Think of driving your car late at night in an unfamiliar location. You have no idea were the next open gas station will be:
How comfortable would you be without a gas gauge?
This auto analogy isn't too far off. Many corporate data centers have some monitoring system to let someone know :
  • when the temperature gets too high
  • when there is a water leak
  • generator status
  • UPS (battery) status
And then on the IT side there is often some monitoring system or other keeping track of most of the critical servers, storage, backups, firewalls, even critical applications. Often there are all kinds of graphs and analysis of these systems with trends and pretty graphs over time showing how much work has been done in the data center.
With all this often real time monitoring and trending, few corporate IT managers have no idea what their date centers PUE is for any point much less over time. Though PUE would be more closely related to MPG than a gas gauge. PUE gives you a base line. As an IT or facilities director, hopefully you are looking at reducing costs in this economy for 2010. The data used to calculate PUE can easily be used to calculate energy cost of the data center.
IT directors are used to showing costs of new projects amortized over time showing costs for:
  • computers
  • storage
  • network
  • cables
  • support
  • replacement hardware
  • helpdesk
  • even data center space
but usually not electricity.
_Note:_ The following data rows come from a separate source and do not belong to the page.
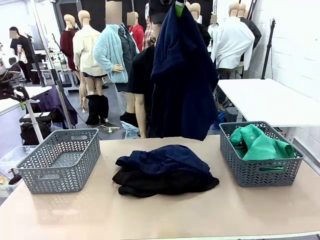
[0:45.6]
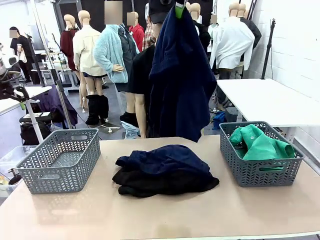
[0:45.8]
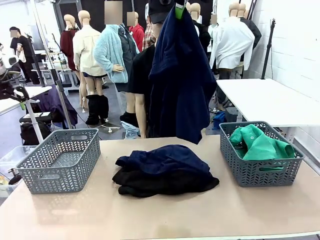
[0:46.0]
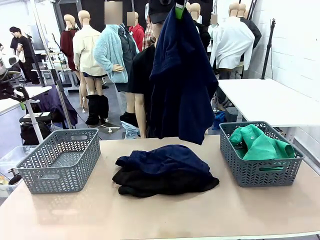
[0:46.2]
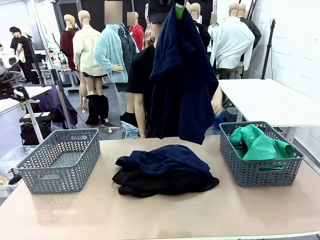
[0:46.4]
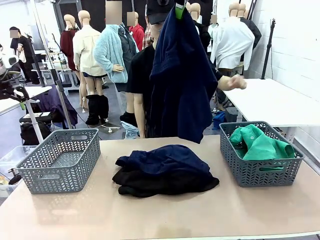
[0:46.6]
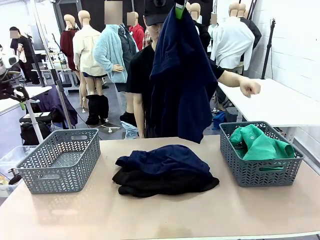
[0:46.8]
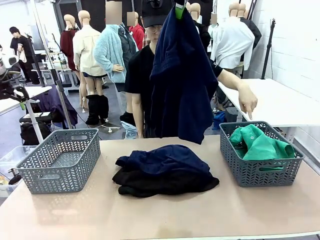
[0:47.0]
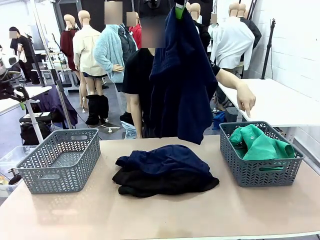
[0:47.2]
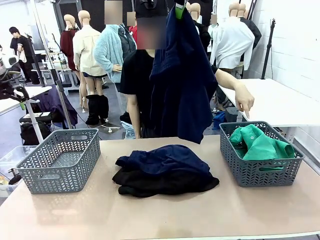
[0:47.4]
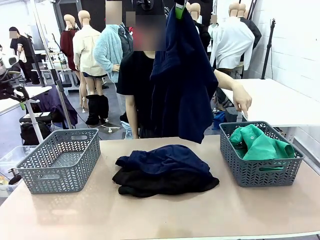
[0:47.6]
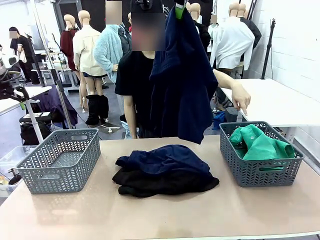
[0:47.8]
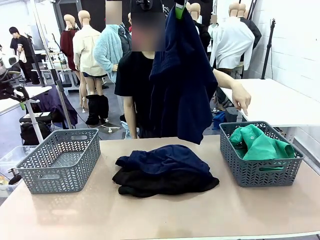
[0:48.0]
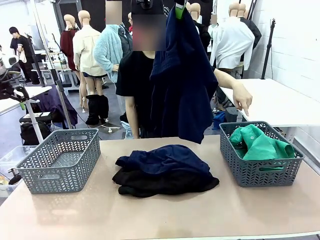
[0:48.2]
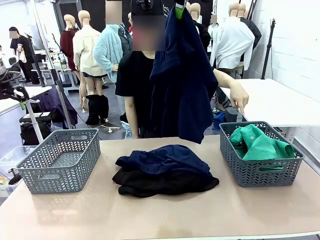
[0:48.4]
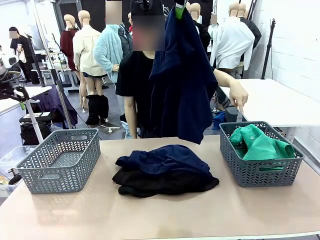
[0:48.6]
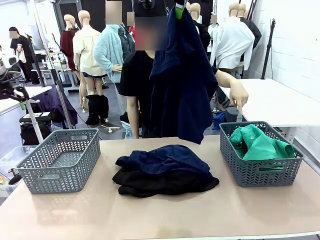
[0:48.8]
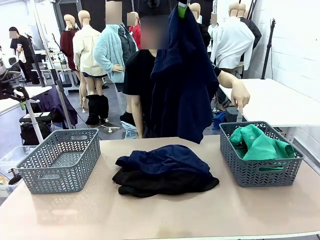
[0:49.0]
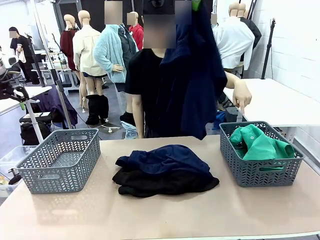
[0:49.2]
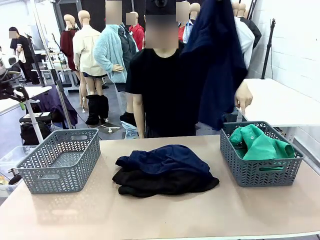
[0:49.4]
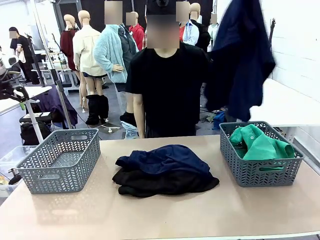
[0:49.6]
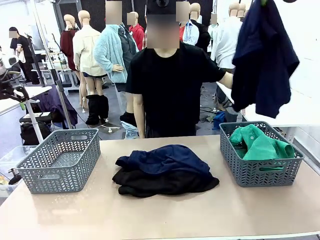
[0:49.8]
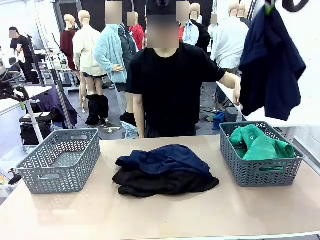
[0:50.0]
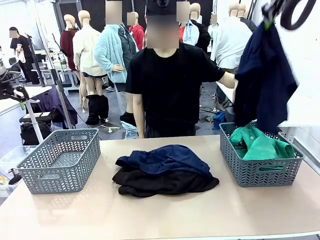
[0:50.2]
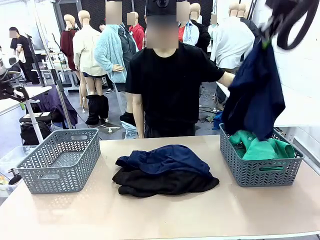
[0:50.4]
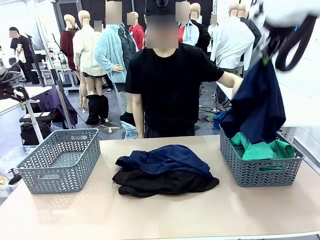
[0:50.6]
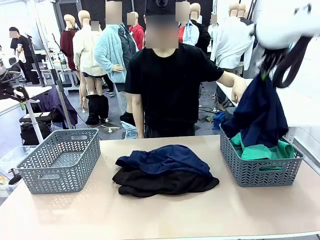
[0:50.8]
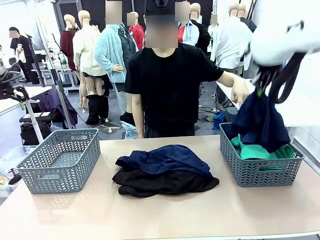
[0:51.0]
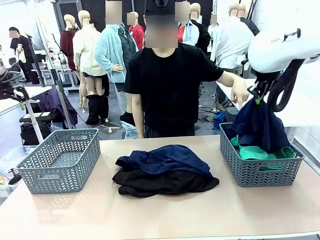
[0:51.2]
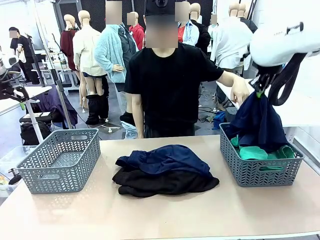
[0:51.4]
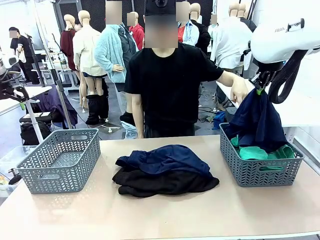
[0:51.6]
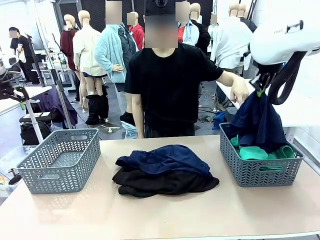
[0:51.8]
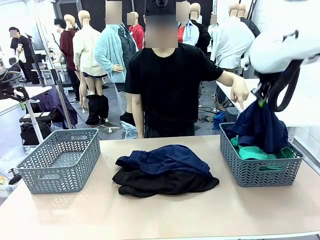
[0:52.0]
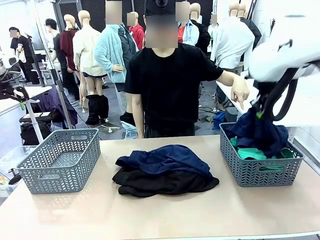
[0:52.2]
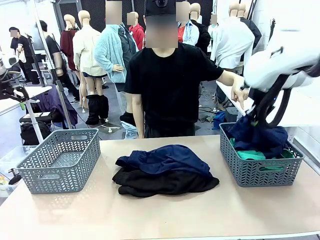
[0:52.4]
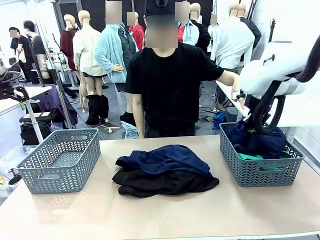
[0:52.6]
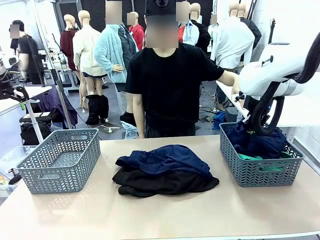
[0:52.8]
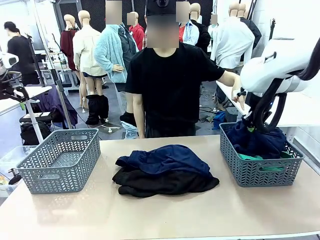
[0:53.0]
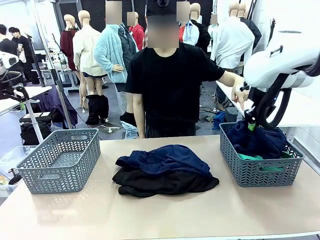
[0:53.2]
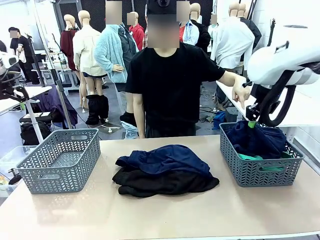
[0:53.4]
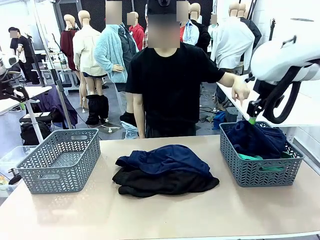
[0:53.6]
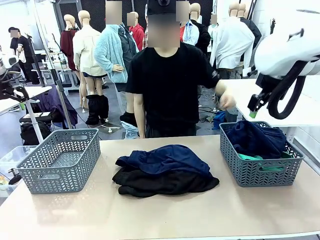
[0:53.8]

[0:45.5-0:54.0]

Some Directors are starting to include anticipated electric costs in the projections but most still don't consider it because the costs are not in their budget. Getting individual project electric cost projections can be much more difficult than measuring the data center as a whole. Planning a major new project for 2010, maybe some virtualization or new storage. Measure PUE before and after implementation.

Getting back to the gas gauge theme, my first cars were all older than me. They all pretty much had the same instruments in the dash: speedometer, gas gauge, odometer, and check engine light. My dad was a master mechanic from the navy and he had a term for that check engine light. He called it an "idiot light" because you were an idiot to drive with it on. If you don't measure PUE then you are relying on the "idiot light" which for many data centers comes in the form of high temperature alerts, and by then things are too late.

I have several vehicles now, from my motorcycle to a prius. Now that prius puts that gas gauge and "idiot light" to shame. There is a row of lights to tell me what is going on with the engine, check engine, change oil, change filter, tire pressure, rotate tires. Right in the middle of the car is a computer display showing instantaneous MPG, MPG for since last reset, a graph of MPG for the last 30 minutes, and a gas gauge.

This is the kind of information you want for your data center. A nice little graph showing how much energy is being used every 5 minutes. If you don't measure the PUE for you data center than it is worse than driving a 1955 Cadillac with a broken gas gauge (you do not want to guess how much gas you have in a car that gets less than 10 MPG).
Lets get started in 2010 by measuring the PUE.